Your instructions. Give back the line where "STEP (ISO 10303-21)" appears and all the lines after it until the listing ends, unchanged and with nothing else.

#####

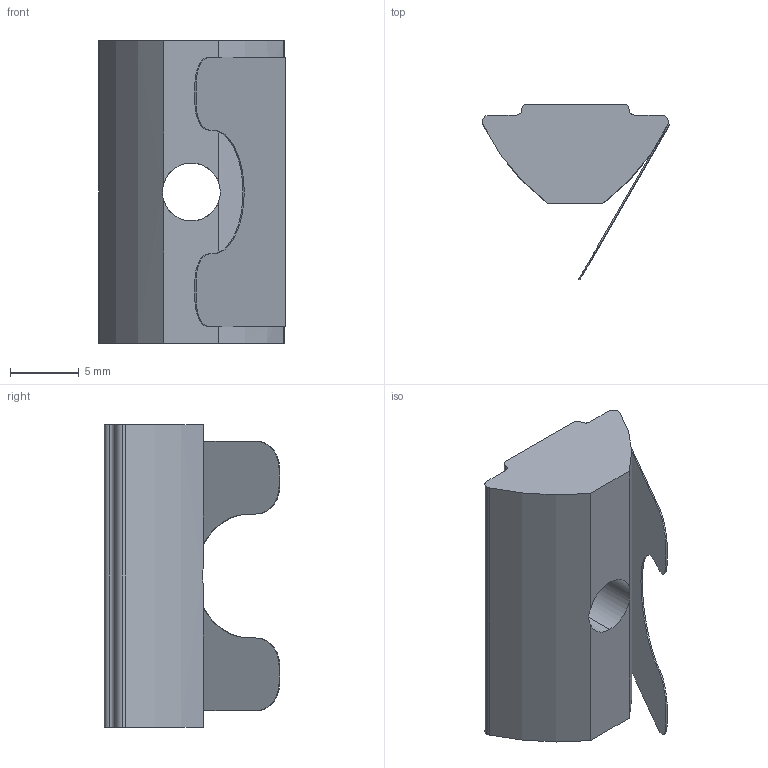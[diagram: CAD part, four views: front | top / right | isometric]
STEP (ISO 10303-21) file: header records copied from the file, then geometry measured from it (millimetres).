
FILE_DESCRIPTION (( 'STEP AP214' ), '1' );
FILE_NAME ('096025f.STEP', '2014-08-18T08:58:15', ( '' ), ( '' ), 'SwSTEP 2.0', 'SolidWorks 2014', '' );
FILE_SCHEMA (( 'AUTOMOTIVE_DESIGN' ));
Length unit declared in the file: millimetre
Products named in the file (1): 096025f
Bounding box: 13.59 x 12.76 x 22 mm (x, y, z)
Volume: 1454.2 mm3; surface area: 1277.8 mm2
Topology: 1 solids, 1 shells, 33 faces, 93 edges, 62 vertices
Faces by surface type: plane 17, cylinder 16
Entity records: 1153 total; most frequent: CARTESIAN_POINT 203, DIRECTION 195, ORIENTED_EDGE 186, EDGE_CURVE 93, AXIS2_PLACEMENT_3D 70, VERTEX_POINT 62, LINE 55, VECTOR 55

#####

Solution to this problem.
STEP (ISO 10303-21) file: header records copied from the file, then geometry measured from it (millimetres).
FILE_DESCRIPTION (( 'STEP AP214' ), '1' );
FILE_NAME ('096025f.STEP', '2014-08-18T08:58:15', ( '' ), ( '' ), 'SwSTEP 2.0', 'SolidWorks 2014', '' );
FILE_SCHEMA (( 'AUTOMOTIVE_DESIGN' ));
Length unit declared in the file: millimetre
Products named in the file (1): 096025f
Bounding box: 13.59 x 12.76 x 22 mm (x, y, z)
Volume: 1454.2 mm3; surface area: 1277.8 mm2
Topology: 1 solids, 1 shells, 33 faces, 93 edges, 62 vertices
Faces by surface type: plane 17, cylinder 16
Entity records: 1153 total; most frequent: CARTESIAN_POINT 203, DIRECTION 195, ORIENTED_EDGE 186, EDGE_CURVE 93, AXIS2_PLACEMENT_3D 70, VERTEX_POINT 62, LINE 55, VECTOR 55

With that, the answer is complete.